Whole Ransomware Threatens Data Leaks

During our investigation of newly submitted malware samples, our researchers came across a ransomware program named "Whole." We have determined that it is derived from the Keylock ransomware. This malicious software encrypts data and demands ransoms in exchange for decrypting it.

In our testing, the "Whole" ransomware encrypted files and added a ".whole" extension to their filenames. For example, a file originally named "1.jpg" would be displayed as "1.jpg.whole," and "2.png" as "2.png.whole."

Once the encryption process was finished, the desktop wallpaper was changed, and a ransom note titled "README-ID-[victim's_ID].txt" was generated. From the content of this note, it is evident that this ransomware primarily targets businesses rather than individual users.

The message displayed on the "Whole" desktop wallpaper instructs the victim to read the associated text file ("README-ID-[victim's_ID].txt"). This ransom note explains that the victim's files have been encrypted and assures them that their unique decryption key is securely stored on the attackers' servers.

Recovery can be tested at no cost by sending a few encrypted files to the cybercriminals (within certain guidelines). If the victim does not attempt to contact the attackers within 3 days, their sensitive business-related data may be exposed or sold.

The message also includes warnings, informing the victim that renaming or altering the affected files, as well as using third-party recovery tools or antivirus software, may render the data irretrievable.

Whole Ransomware Drops Lengthy Note

The full text of the Whole ransom note reads as follows:

YOUR FILES ARE ENCRYPTED

Your files have been encrypted with strong encryption algorithms and modified!
Don't worry your unique encryption key is stored securely on our server and your data can be decrypted quickly and securely.

We can prove that we can decrypt all of your data. Please just send us 3 not important, small(~2mb) encrypted files, which are randomly stored on your server. Also attach your this file README-ID-.txt left by us in every folder.
We will decrypt these files and send them to you as a proof. Please note that files for free test decryption should not contain valuable information.

If you will not start a dialogue with us in 72 hours we will be forced to publish your files in the public domain. Your customers and partners will be informed about the data leak.
This way, your reputation will be ruined. If you will not react, we will be forced to sell the most important information such as databases and personal data to interested parties to generate some profit.

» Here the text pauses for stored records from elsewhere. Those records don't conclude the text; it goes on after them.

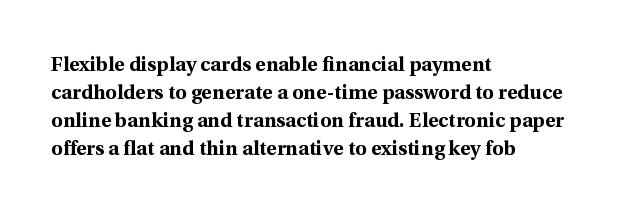
Q: Is the text bold? A: Yes.
Q: Is the text italic (slanted)? A: No, it is upright.
Q: Is the text underlined? A: No.
Q: How is the paragraph aligned? A: Left-aligned.
Q: Is the spacing between letters normal or unusually wide? A: Normal.
Q: Is the spacing between lines tight, normal or loose? A: Normal.
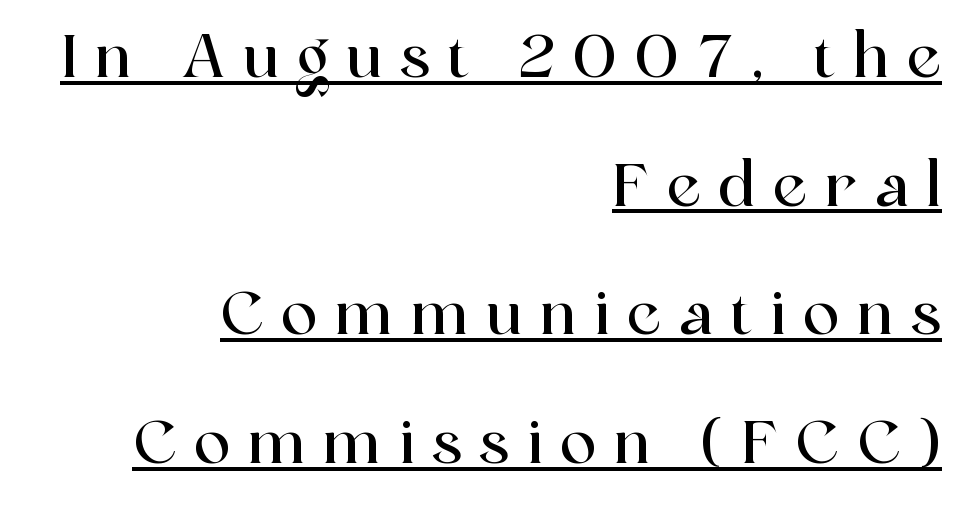
Q: Is the text italic (slanted)? A: No, it is upright.
Q: Is the typeface a serif or a sans-serif typeface? A: Serif.
Q: Is the text underlined? A: Yes.
Q: How is the paragraph aligned? A: Right-aligned.
Q: Is the spacing between letters normal or unusually wide? A: Unusually wide.
Q: Is the spacing between lines tight, normal or loose? A: Loose.
Q: Width (condensed, normal, or wide)? A: Normal.
Q: x-height? A: Medium.
Q: Monospaced? A: No.
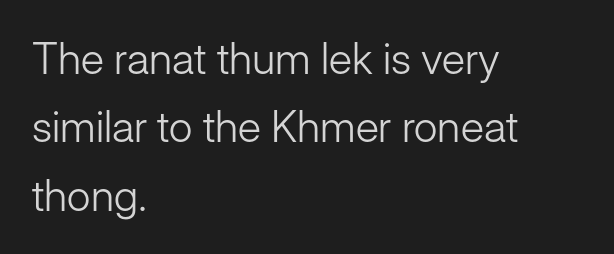
Q: Is the text bold? A: No.
Q: Is the text italic (slanted)? A: No, it is upright.
Q: Is the typeface a serif or a sans-serif typeface? A: Sans-serif.
Q: Is the text underlined? A: No.
Q: How is the paragraph aligned? A: Left-aligned.
Q: Is the spacing between letters normal or unusually wide? A: Normal.
Q: Is the spacing between lines tight, normal or loose? A: Normal.
Q: Width (condensed, normal, or wide)? A: Normal.
Q: Stroke contrast? A: Low.
Q: x-height? A: Medium.
Q: Monospaced? A: No.
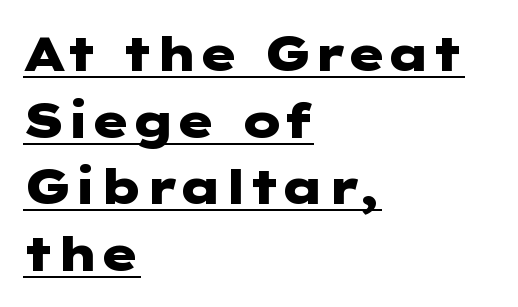
{"serif": "no", "italic": "no", "bold": "yes", "weight": "heavy", "width": "wide", "stroke_contrast": "low", "x_height": "medium", "underline": "yes", "align": "left", "line_spacing": "normal", "line_spacing_ratio": 1.39, "letter_spacing": "normal", "letter_spacing_em": 0.0, "glyph_px": 48}
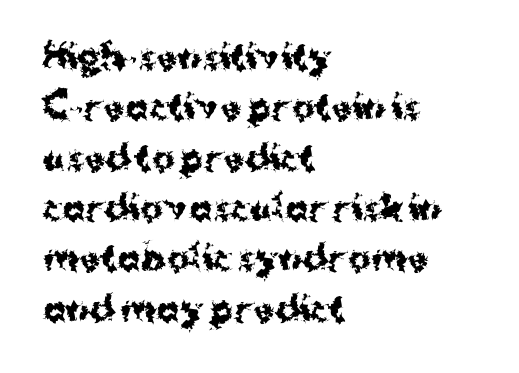
Each word holds together tightly as a unit, with standard inter-letter gaps. Letterform terminals end flat and unadorned throughout the passage. Looks like regular typesetting: each glyph gets only the width it needs. Type without underlining.
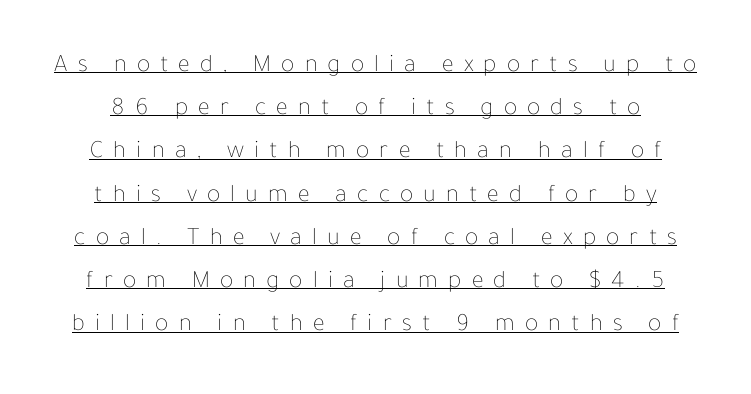
The image shows 25 px text type, upright; set line spacing 1.73x, unusually wide letter spacing (+0.41 em), underlined.
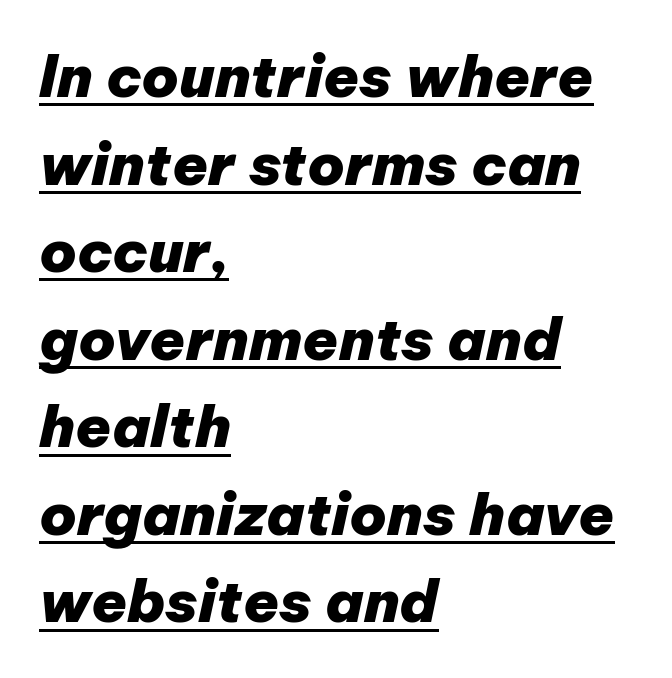
Q: Is the text bold? A: Yes.
Q: Is the text italic (slanted)? A: Yes, it leans right by about 12 degrees.
Q: Is the text underlined? A: Yes.
Q: How is the paragraph aligned? A: Left-aligned.
Q: Is the spacing between letters normal or unusually wide? A: Normal.
Q: Is the spacing between lines tight, normal or loose? A: Normal.
Q: Width (condensed, normal, or wide)? A: Normal.
Q: Stroke contrast? A: Low.
Q: x-height? A: Medium.
Q: Monospaced? A: No.
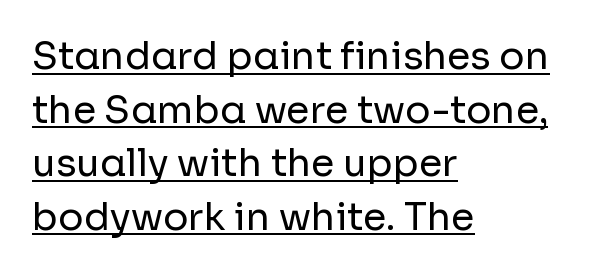
The image shows 38 px regular-weight sans-serif type, upright; set left-aligned, normal line spacing (1.41x), normal letter spacing, underlined; low stroke contrast and a medium x-height.
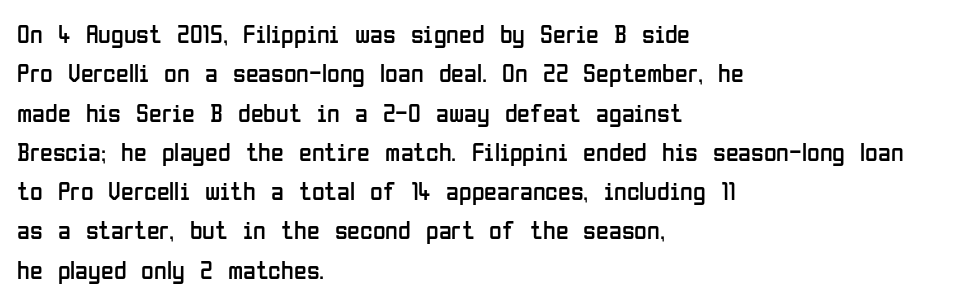
Q: Is the text bold? A: No.
Q: Is the text italic (slanted)? A: No, it is upright.
Q: Is the text underlined? A: No.
Q: How is the paragraph aligned? A: Left-aligned.
Q: Is the spacing between letters normal or unusually wide? A: Normal.
Q: Is the spacing between lines tight, normal or loose? A: Normal.
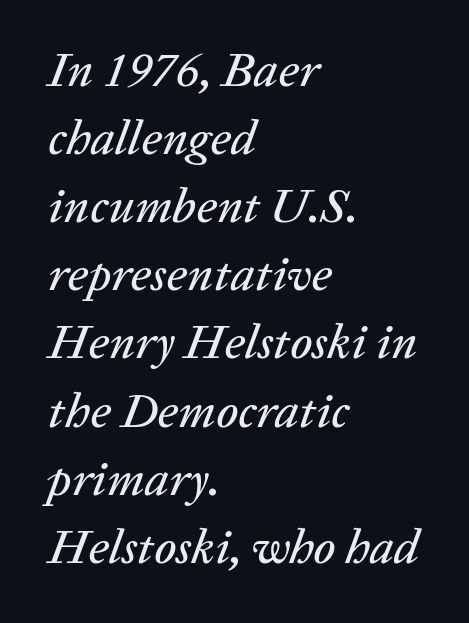
The passage shown has conventional tracking throughout. The lettering tilts uniformly, giving the passage an italic look. Evenly set lines give the paragraph a standard silhouette. Teacher's note: observe the even left margin — that is flush-left alignment. The rendering uses natural spacing where letterforms have individual widths. The passage shown is not underscored anywhere.
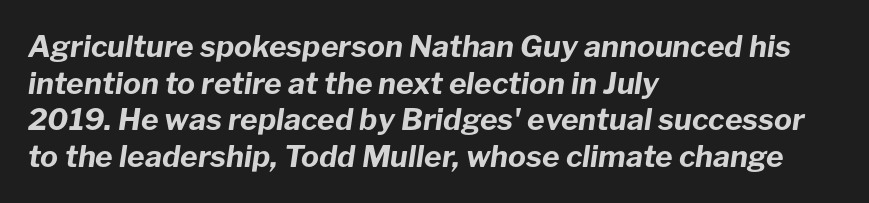
{"italic": "yes", "lean": "right", "slant_degrees": 8, "bold": "yes", "weight": "bold", "width": "normal", "stroke_contrast": "low", "x_height": "medium", "monospaced": "no", "underline": "no", "align": "left", "line_spacing_ratio": 1.22, "letter_spacing": "normal", "letter_spacing_em": 0.0, "glyph_px": 30}
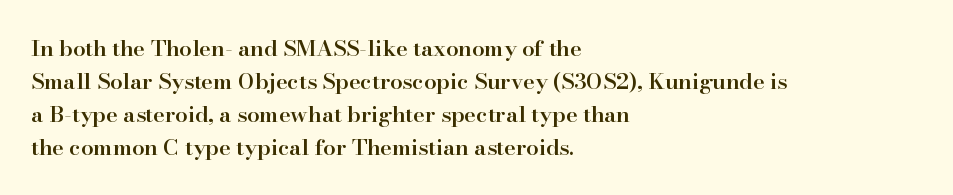
Ascenders rise straight up at ninety degrees. No word sits above an underline. Casual observation: everything's shoved over to the left. Between one letter and the next there's only the usual sliver of space.
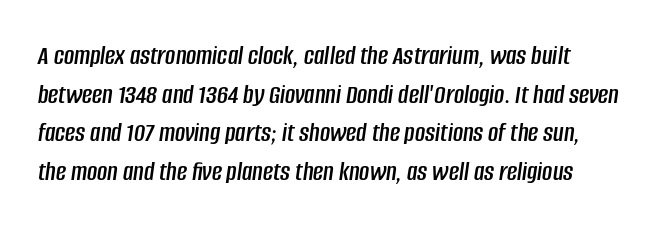
{"italic": "yes", "lean": "right", "slant_degrees": 8, "width": "condensed", "stroke_contrast": "low", "x_height": "large", "monospaced": "no", "underline": "no", "align": "left", "line_spacing": "normal", "line_spacing_ratio": 1.38, "letter_spacing": "normal", "letter_spacing_em": 0.0, "glyph_px": 28}
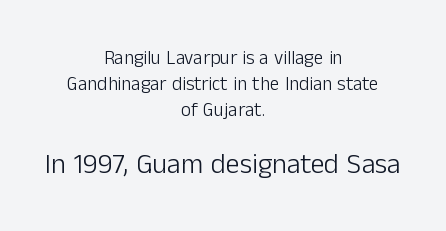
The string is rendered with underlining switched off. The rendering shows plain stroke endings on the letterforms — a sans-serif design. Think standard paragraph weight, or any step lighter than that. The passage is arranged like a title page — every line centered. Nothing unusual about the tracking: characters are spaced as the font intends. The face used here appears at its bigger size in the lower chunk.
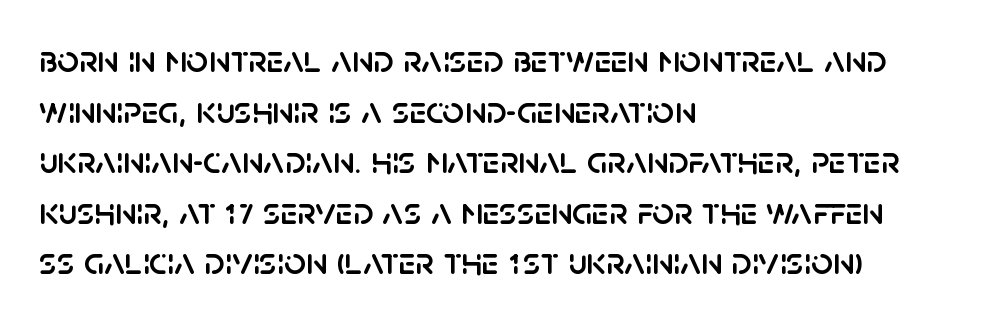
{"serif": "no", "italic": "no", "width": "normal", "stroke_contrast": "low", "x_height": "large", "monospaced": "no", "underline": "no", "align": "left", "line_spacing": "normal", "line_spacing_ratio": 1.33, "letter_spacing": "normal", "letter_spacing_em": 0.0, "glyph_px": 38}
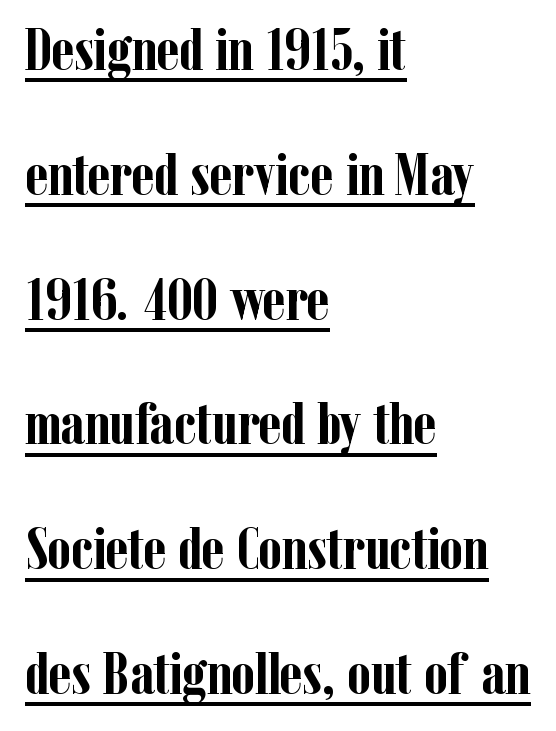
Q: Is the text bold? A: Yes.
Q: Is the text italic (slanted)? A: No, it is upright.
Q: Is the typeface a serif or a sans-serif typeface? A: Serif.
Q: Is the text underlined? A: Yes.
Q: How is the paragraph aligned? A: Left-aligned.
Q: Is the spacing between letters normal or unusually wide? A: Normal.
Q: Is the spacing between lines tight, normal or loose? A: Loose.
Q: Width (condensed, normal, or wide)? A: Condensed.
Q: Stroke contrast? A: Low.
Q: x-height? A: Medium.
Q: Monospaced? A: No.
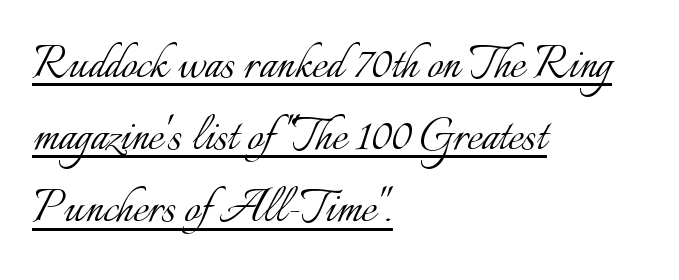
The image shows 56 px light type; set left-aligned, normal line spacing (1.29x), normal letter spacing, underlined; low stroke contrast and a small x-height.
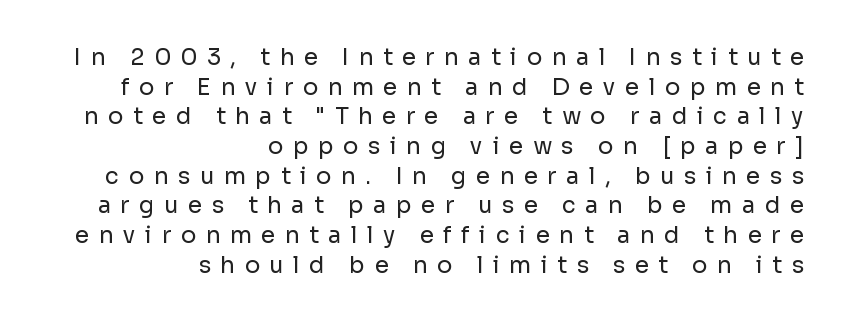
{"italic": "no", "bold": "no", "underline": "no", "align": "right", "line_spacing": "normal", "line_spacing_ratio": 1.29, "letter_spacing": "wide", "letter_spacing_em": 0.41, "glyph_px": 23}
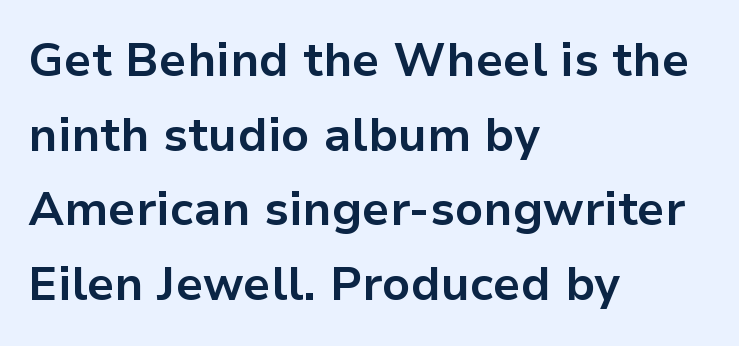
The passage shown is emphatically bold. This sample uses a sans-serif face. Notice how the stems are strictly vertical — no italics here. Line starts are locked; line ends wander. The horizontal fit of the characters is conventional and even. Line spacing here is normal.
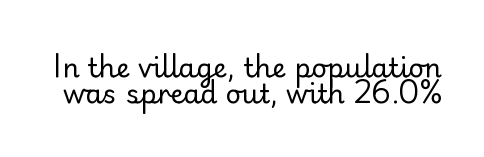
The image shows 27 px text type, upright; set tight line spacing (0.98x), normal letter spacing, not underlined.
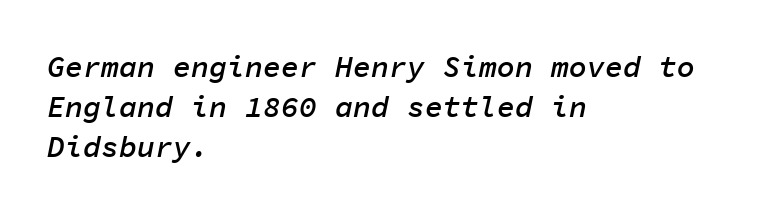
Q: Is the text bold? A: Semi-bold.
Q: Is the text italic (slanted)? A: Yes, it leans right by about 11 degrees.
Q: Is the text underlined? A: No.
Q: How is the paragraph aligned? A: Left-aligned.
Q: Is the spacing between letters normal or unusually wide? A: Normal.
Q: Is the spacing between lines tight, normal or loose? A: Normal.
Q: Width (condensed, normal, or wide)? A: Normal.
Q: Stroke contrast? A: Low.
Q: x-height? A: Medium.
Q: Monospaced? A: Yes.
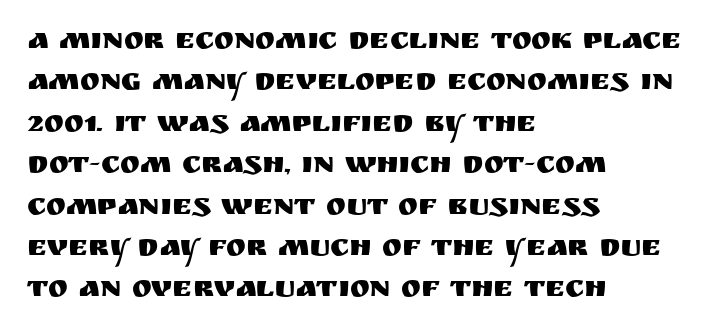
{"serif": "no", "italic": "no", "width": "normal", "stroke_contrast": "medium", "x_height": "large", "monospaced": "no", "underline": "no", "align": "left", "line_spacing": "normal", "line_spacing_ratio": 1.38, "letter_spacing": "normal", "letter_spacing_em": 0.0, "glyph_px": 30}
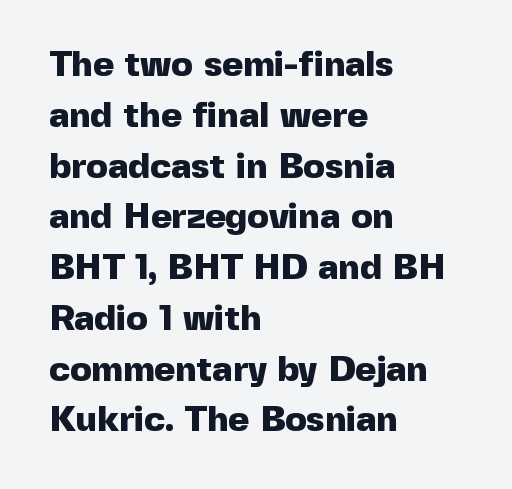
The image shows 36 px heavy sans-serif type, upright; set left-aligned, normal line spacing (1.41x), normal letter spacing, not underlined; a medium x-height.
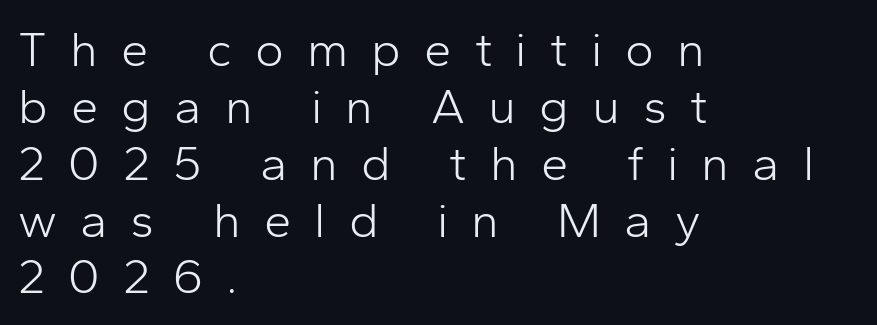
The image shows 49 px light sans-serif type, upright; set left-aligned, line spacing 1.16x, unusually wide letter spacing (+0.47 em), not underlined; low stroke contrast and a medium x-height.
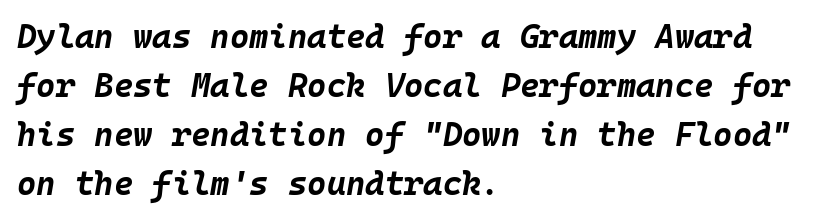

If you want to resolve this situation, attach in letter this file README-ID-.txt and write to ALL of these 2 email addresses:

pmmx@techmail.info
wholekey@mailfence.com

IMPORTANT!
We recommend you contact us directly to avoid overpaying agents.
We asking to send your message to ALL of our 2 email adresses because for various reasons, your email may not be delivered.
Our message may be recognized as spam, so be sure to check the spam folder.
If we do not respond to you within 24 hours, write to us from another email address.
Please don't waste the time, it will result only additinal damage to your company.
Please do not rename and try to decrypt the files yourself. We will not be able to help you if files will be modified.
If you will try to use any third party software for restoring your data or antivirus solutions, please make a backup for all encrypted files.
If you delete any encrypted files from the current computer, you may not be able to decrypt them.

How Can Ransomware Get Inside Your System?

Ransomware can infiltrate your system through various means, and understanding these entry points is crucial for protecting your system against such attacks. Here are common ways ransomware can get inside your system:

• Email Attachments: Phishing emails are a prevalent method for ransomware distribution. Cybercriminals send seemingly legitimate emails with infected attachments (e.g., PDFs, Word documents, or ZIP files) or links to malicious websites. When users open these attachments or click on the links, the ransomware is downloaded and executed on their systems.
• Malicious Links: Ransomware can also be delivered through deceptive or malicious links in emails, instant messages, or on websites. Clicking on these links can lead to the download and execution of ransomware.
• Malvertising: Cybercriminals may use malicious advertisements (malvertisements) on legitimate websites to deliver ransomware. Simply visiting a compromised website with these ads can trigger an automatic download of the malware.
• Exploiting Vulnerabilities: Ransomware authors can exploit software vulnerabilities in your operating system or applications. If your system is not up to date with security patches, it may be vulnerable to exploit-based attacks.
• Drive-By Downloads: Ransomware can be delivered through "drive-by downloads," where users unknowingly download malicious code while visiting compromised or malicious websites. These downloads can occur without any user interaction or consent.
• Remote Desktop Protocol (RDP) Attacks: Attackers may exploit weak or default RDP credentials to gain access to remote systems. Once inside, they can install ransomware and encrypt files.
• Software Downloads: Downloading software or files from untrusted or pirated sources can expose your system to ransomware. Illegitimate software or cracked versions often come with hidden malware payloads.